Würde ich so machen, anderen USB Port hast Du schon ausprobiert?
Auch mal Front-USB und die hinteren USB Ports direkt auf dem Board gegentesten.
 
Varios schrieb:
Aber warum wird es denn überall empfohlen und auch mir?
Da gab es mal so ein sehr Unprofessionelles aber sehr Populäres "Review" Das mutwillig Einige Fakten komplett Falsch dargestellt hat.... und wichtige Informationen weggelassen hat...

Ich versuche hier immer wieder Darauf hinzuweisen...
https://www.computerbase.de/forum/threads/sharkoon-gaming-dac-messungen.1938761/
Aber irgend wie Keiner hören "es ist kompliziert" oder "kommt drauf an"


calippo schrieb:
Das Teil mag nicht das Klangwunder sein, für das es teilweise gehalten wird, aber starkes Grundrauschen und Unterbrechungen sind nicht normal
Kommt drauf an. das teile hat keinen Gain sollte die Verstärkung nicht zufällig passen musst passiert jeder gain in Software dabei wird das rauschen so wie Crosstalk in gleichem Maße mit verstärkt.

Ich hab ihn mit Onbaord Sound Verglichen der Onbaord sund klingt subjektiv Besser! und rauscht viel weniger.
das konnte ich auch Messen:
https://www.computerbase.de/forum/threads/sharkoon-gaming-dac-messungen.1938761/post-24061507

Varios schrieb:
Also ich habe jetzt die In Ear mal angeschlossen und genau das selbe Problem. Starkes Grundrauschen
Das ist ganz normal! das steht quasi sogar auf der Packung... man muss es nur umrechnen.
Du nimmst die Empfindlichkeit deiner Kopfhörer mal der Ausgangsspannung von dem DAC (2Vrms)
davon ziehst du die angeblichen bis zu 100dB Dynamik ab und dan hast du dein Grund rauschen in dB SPL.

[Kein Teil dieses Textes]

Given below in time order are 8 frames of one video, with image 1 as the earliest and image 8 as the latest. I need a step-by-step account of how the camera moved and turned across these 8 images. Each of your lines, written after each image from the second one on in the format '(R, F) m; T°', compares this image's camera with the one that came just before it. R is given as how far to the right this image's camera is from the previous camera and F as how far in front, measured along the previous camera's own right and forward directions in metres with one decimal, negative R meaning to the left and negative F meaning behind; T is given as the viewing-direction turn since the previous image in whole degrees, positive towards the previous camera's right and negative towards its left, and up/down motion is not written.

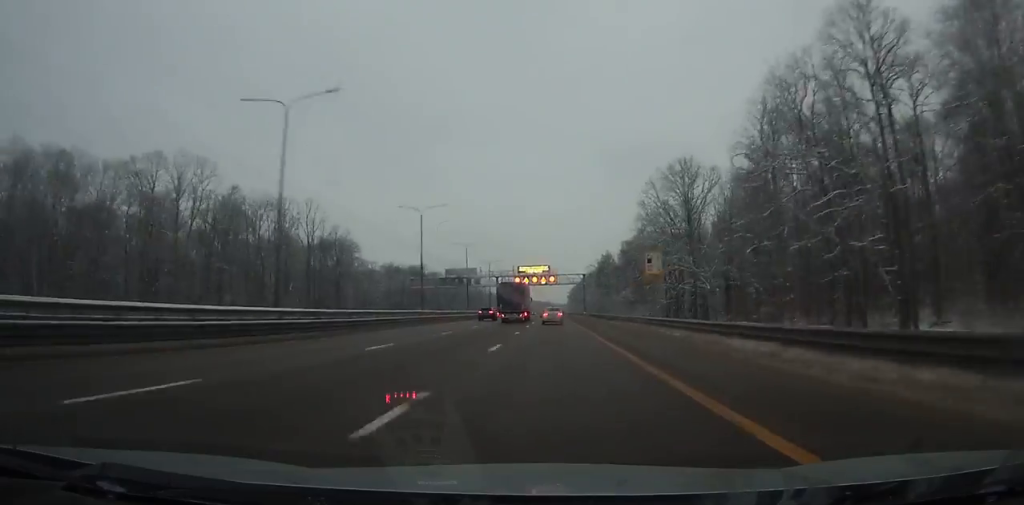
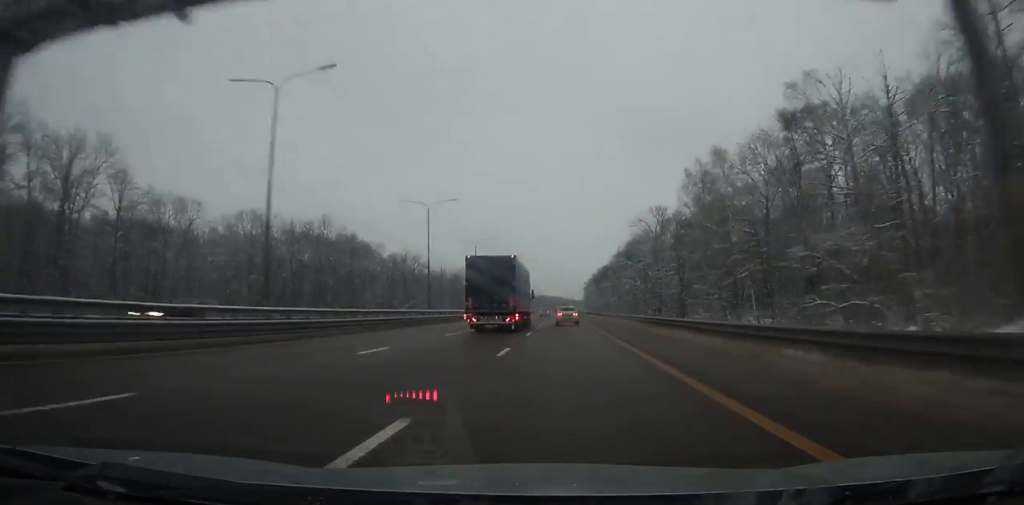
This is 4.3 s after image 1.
(-1.3, +119.9) m; -1°
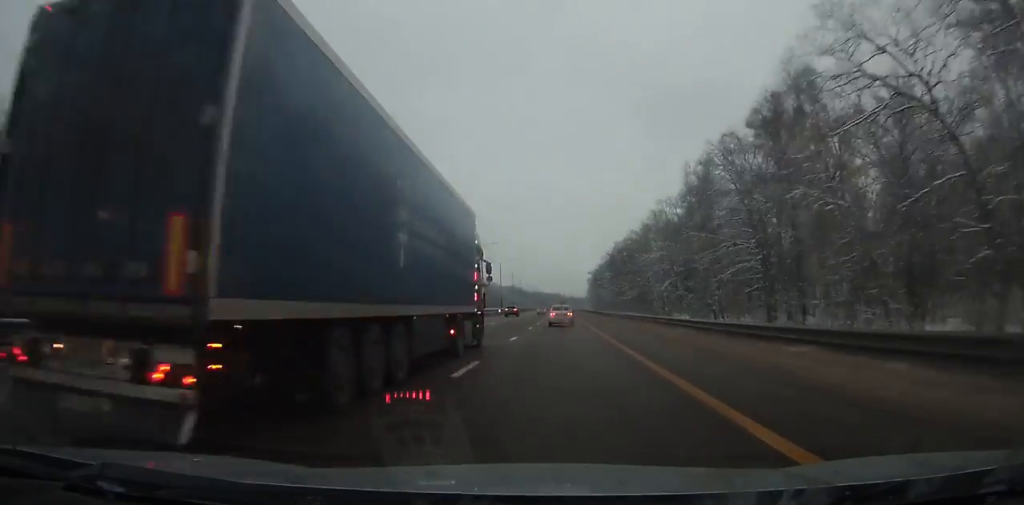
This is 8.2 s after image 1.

TL;DR für empfindliche in Ears und alles unter ~80Ohm ist der DAC vollkommen ungeeignet!

Der Kabelbinder schrieb:
Zum Beispiel den VXLR Plus von Rode.
https://www.thomann.de/de/the_t.bone_cc_100_rc_ew.htm
Ich gehe stark davon aus das der kompatibel ist... müsste man aber mal ne nette mail an den thonam Support schreiben und fragen was die Phantom Spannung bei diesem Mikrofon ist
 
Zuletzt bearbeitet:
lamda schrieb:
TL;DR für empfindliche in Ears und alles unter ~80Ohm ist der DAC vollkommen ungeeignet!

Ich habe jetzt zum ersten Mal 08/15 In-Ears an den Sharkoon DAC gesteckt, die rauschen in der Tat ziemlich, sogar wenn gar kein Ton abgespielt wird. Hab zwei verschiedene In-Ears getestet. Das kann der 10€ Apple DAC Klinkenadapter oder der USB-Stick von Delock besser.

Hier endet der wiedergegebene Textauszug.